- Open Access
Breast cancer cells stimulate osteoprotegerin (OPG) production by endothelial cells through direct cell contact
© Reid et al; licensee BioMed Central Ltd. 2009
- Received: 09 February 2009
- Accepted: 15 July 2009
- Published: 15 July 2009
Angiogenesis, the sprouting of capillaries from existing blood vessels, is central to tumour growth and progression, however the molecular regulation of this process remains to be fully elucidated. The secreted glycoprotein osteoprotegerin (OPG) is one potential pro-angiogenic factor, and clinical studies have demonstrated endothelial cells within a number of tumour types to express high levels of OPG compared to those in normal tissue. Additionally, OPG can increase endothelial cell survival, proliferation and migration, as well as induce endothelial cell tube formation in vitro. This study aims to elucidate the processes involved in the pro-angiogenic effects of OPG in vitro, and also how OPG levels may be regulated within the tumour microenvironment.

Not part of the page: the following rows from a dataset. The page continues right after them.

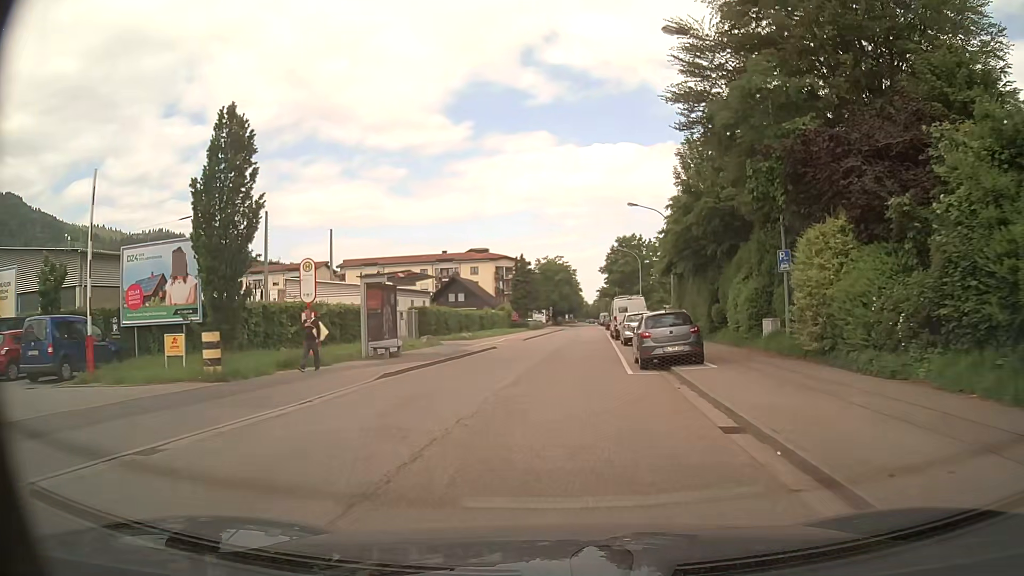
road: tertiary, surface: asphalt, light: Day
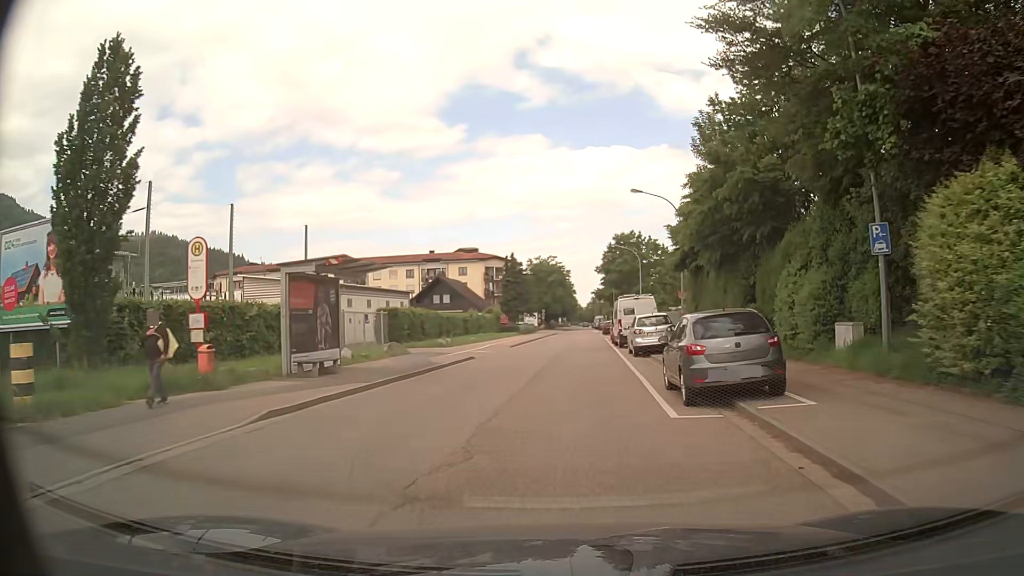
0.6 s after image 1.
(+0.1, +6.7) m; +1°
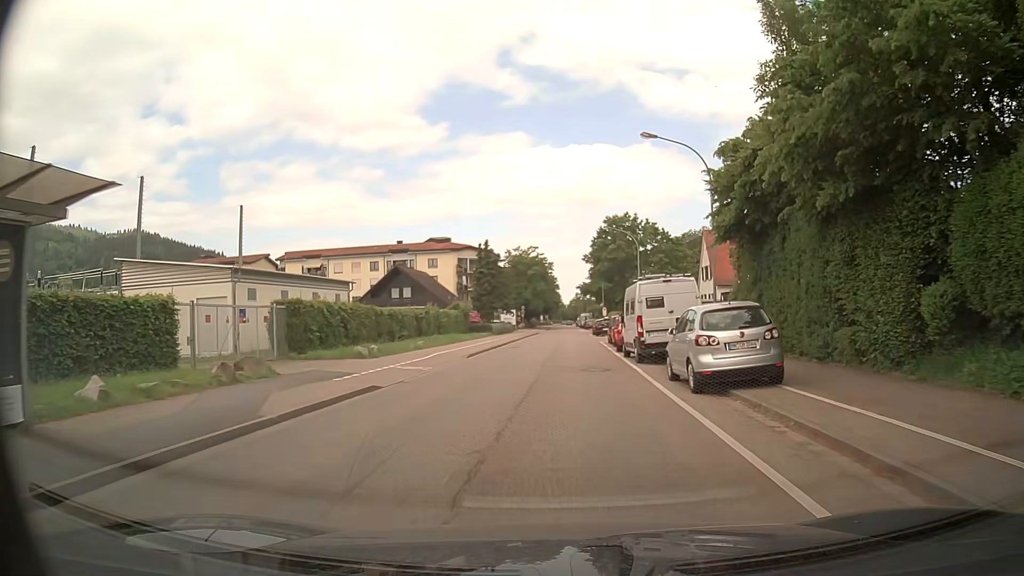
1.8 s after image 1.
(+0.2, +13.4) m; +2°
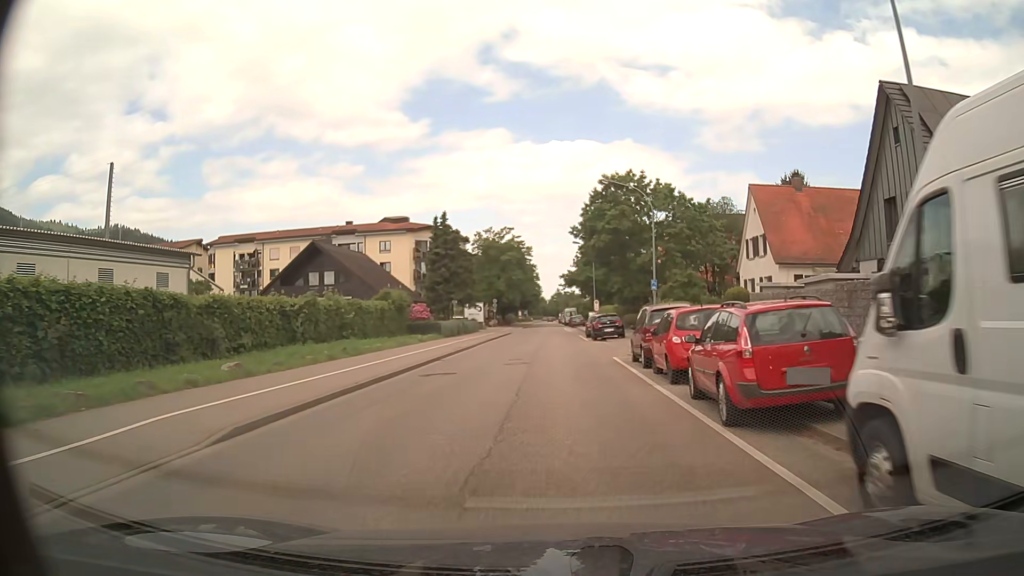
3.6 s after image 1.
(+0.3, +20.2) m; +1°
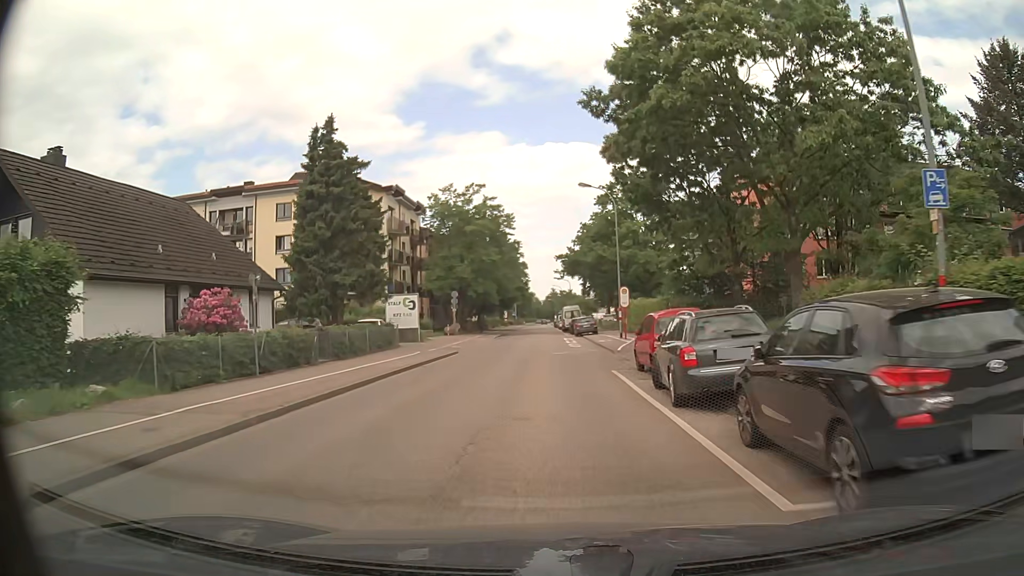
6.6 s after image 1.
(+0.6, +33.7) m; +1°
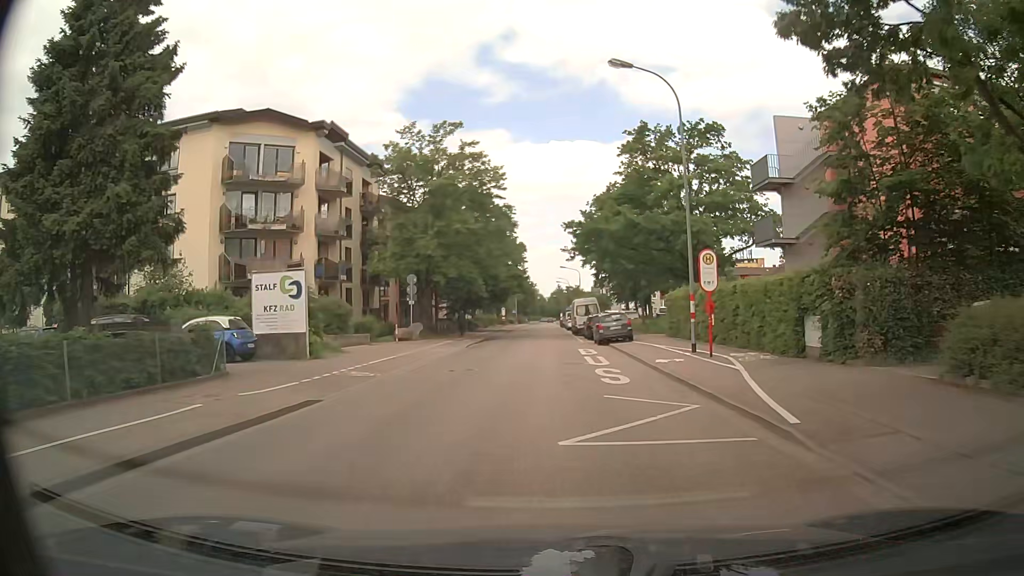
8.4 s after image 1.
(-0.1, +20.3) m; 0°
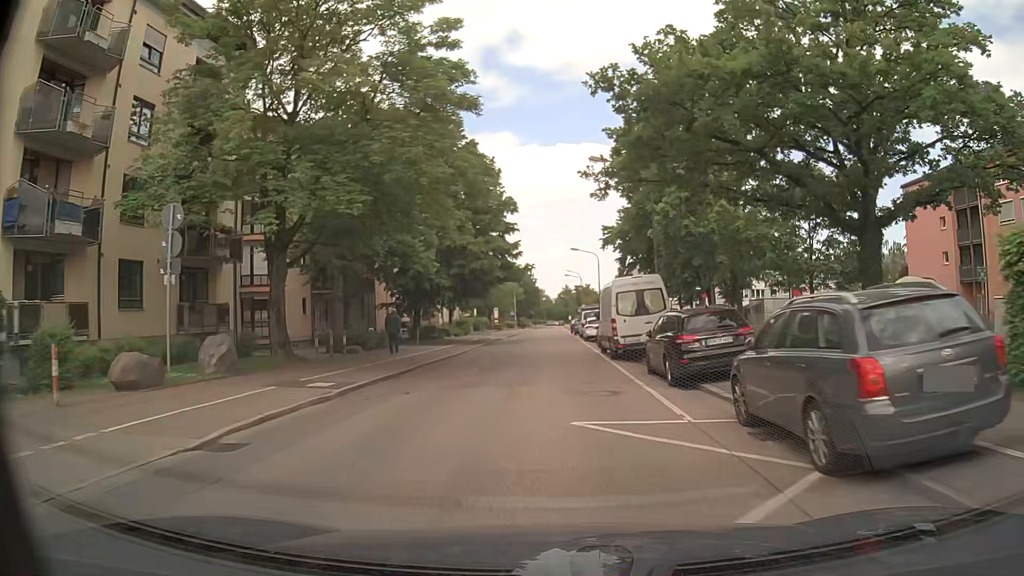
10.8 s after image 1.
(-0.3, +26.9) m; -1°
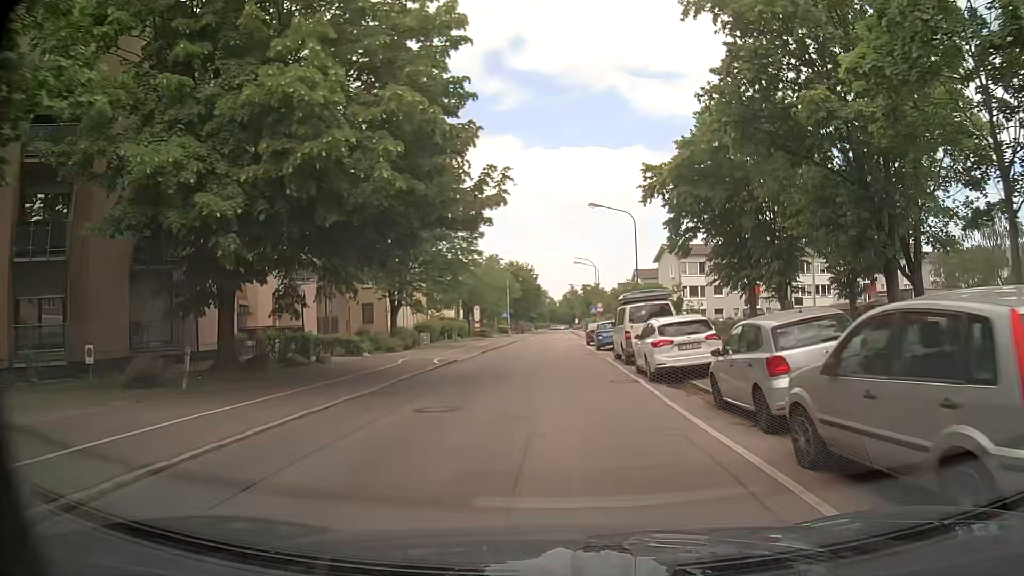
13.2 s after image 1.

It has previously been demonstrated that OPG can induce tube formation on growth factor reduced matrigel. In this study, we demonstrate that OPG enhances the pro-angiogenic effects of VEGF and that OPG does not stimulate endothelial cell tube formation through activation of the VEGFR2 receptor. We also show that cell contact between HuDMECs and the T47D breast cancer cell line increases endothelial cell OPG mRNA and protein secretion levels in in vitro co-cultures. These increases in endothelial cell OPG secretion were dependent on ανβ3 ligation and NFκB activation. In contrast, the pro-angiogenic factors VEGF, bFGF and TGFβ had no effect on HuDMEC OPG levels.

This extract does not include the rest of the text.